Getting better obviously, but the feet-on-the-ground experience for MLlib is still far from pleasant: hard to configure, hard to manage, hard to scale, hard to debug.

By way of anecdote, Spark's MLlib used to contain an implementation of word2vec that failed when used on more than 2 billion words (some arcane integer overflow). So much for scale!

As for performance, in 2016, the break-even point where a Spark cluster started being competitive with a single-machine implementation was around 12 Spark machines (a bit of a hindrance to rapid iterative development, which is the corner stone of R&D): https://radimrehurek.com/florence15.pdf


Can you be more specific in terms of issues with ML Lib?

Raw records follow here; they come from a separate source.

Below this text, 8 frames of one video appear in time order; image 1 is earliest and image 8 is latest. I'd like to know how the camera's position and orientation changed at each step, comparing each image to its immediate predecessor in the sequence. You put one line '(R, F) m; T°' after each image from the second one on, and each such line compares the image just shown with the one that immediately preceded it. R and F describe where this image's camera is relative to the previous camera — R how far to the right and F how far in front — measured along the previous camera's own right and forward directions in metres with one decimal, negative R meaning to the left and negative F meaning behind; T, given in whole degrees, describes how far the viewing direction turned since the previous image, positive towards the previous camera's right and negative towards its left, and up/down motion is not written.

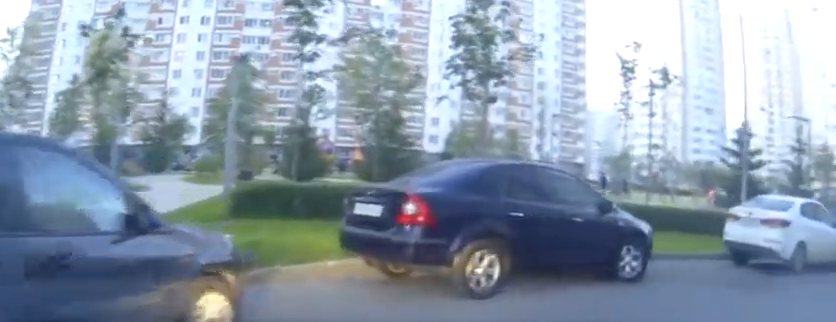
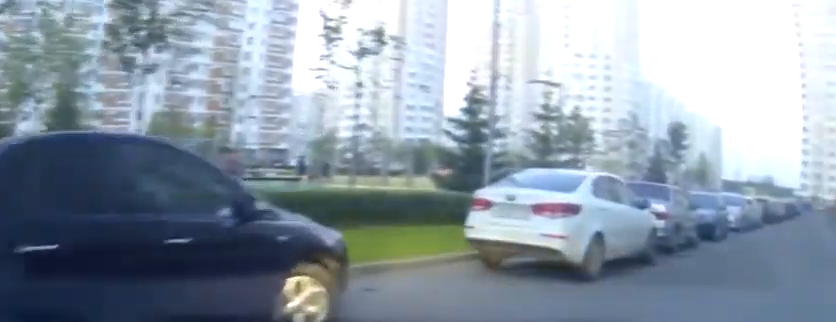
(+0.4, +4.3) m; +14°
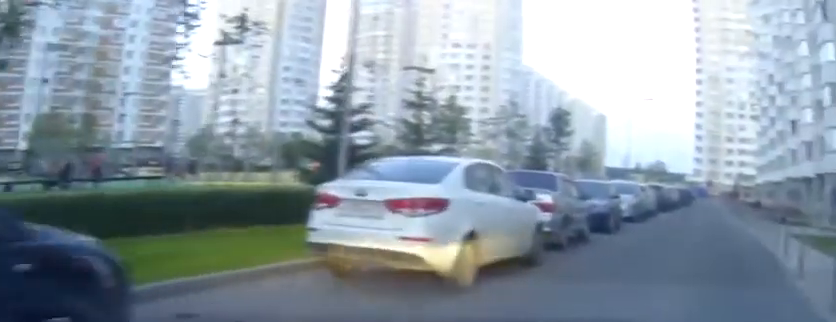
(+0.3, +1.5) m; +14°
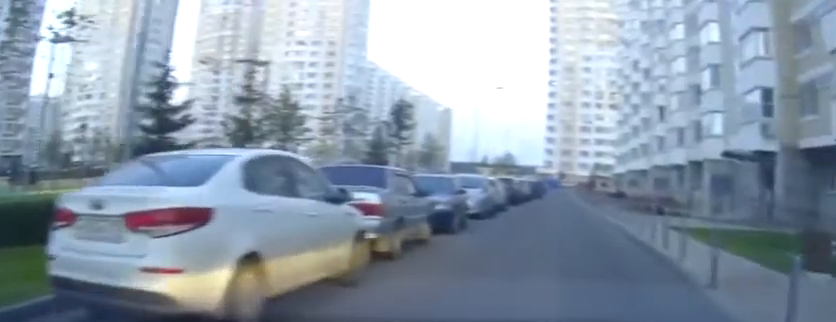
(+0.3, +1.9) m; +15°
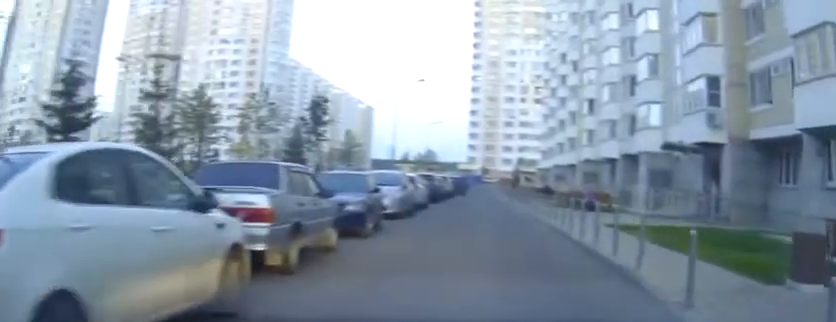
(+0.2, +1.2) m; +7°
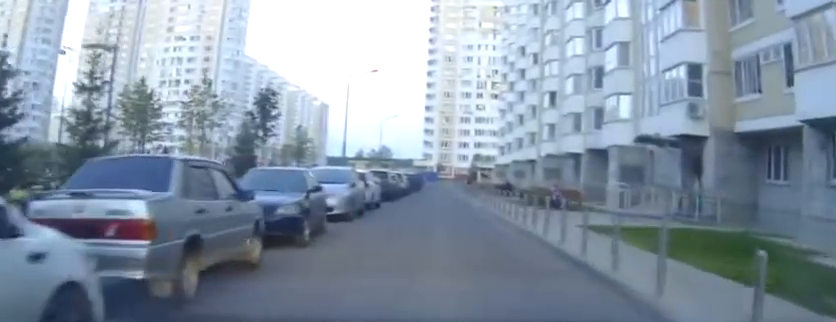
(+0.1, +1.6) m; -1°
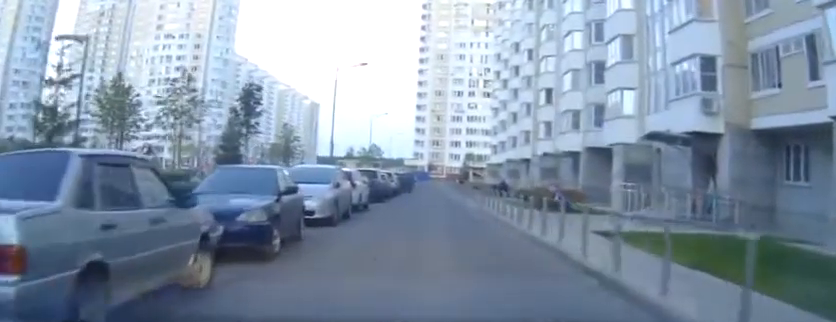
(+0.1, +1.3) m; -4°
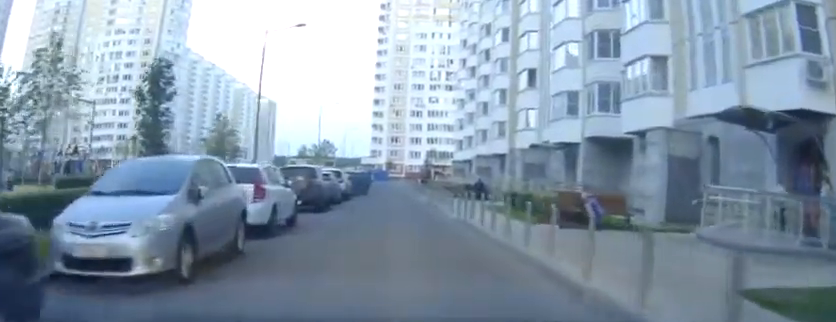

I'm thinking of using it with Spark cause of big data requirements, but have heard MLLib in particular is highly unreliable.


lol, that PDF is referencing Spark 1.3 from March 2015 and to say that you need 12 modern Spark machines to break-even with one machine running a non-distributed ML framework is ridiculously wrong. And he wan Spark on EMR, which was pretty unoptimized back then.


Hah, this is a great interview! [You can't really trust someone who calls themselves a data scientist, they are just taking that exciting and financially rewarding name], loosely paraphrasing. Too bad it is anonymous. It totally fits my unfair preconceptions of this field. I know, I'm a "computer scientist" with a phd, its not a real science if you have to put science in the name, that's what they tell me.


I've been seeing nothing but negative, dismissive comments about data science on HN lately, which is really disappointing. There's definitely a lot of hype right now about DL, but almost all of my job does not deal with Big Data or Deep Learning, 'just' machine learning + stats + calc + scripting + data cleaning + deploying models.

I think most people don't have big data (Amazon has an x1 with 4 TB of RAM, after all!) but there's no shame in that. I'll use a big machine for grid search or other embarrassingly parallelizable stuff, but I can confirm that Spark is usually a bad tool for actual ML unless you use one of their out-of-the-box algos. Even then, tuning the cluster on EMR with YARN is a pain, especially for pyspark. There's a gap, I think, between the inflated expectations of "I'm going to get general AI in 5 years and CHANGE THE WORLD" and "this K-means clustering will be a good way to explore our reviews", but somewhere in the middle there is actual value.

(I also hate that "AI" is becoming the new hype-train; I don't consider anything of what I do to be "AI", but you have people calling CNNs or even non-deep-learning models "AI"). This is only going to result in inflated expectations- DS practitioners have to communicate the value without hype, and also find a way to weed out charlatans.


It's silly you're getting downvoted for this well-articulated and insightful comment.

I think much of the negativity towards DS from the programming community is because the Data Scientist is what the programmer used to be ~15 years ago. It's that nerdy thing for a select group of very smart people, whereas being a software developer/engineer/architect/whatever has become just another common job (at least outside of Silicon Valley).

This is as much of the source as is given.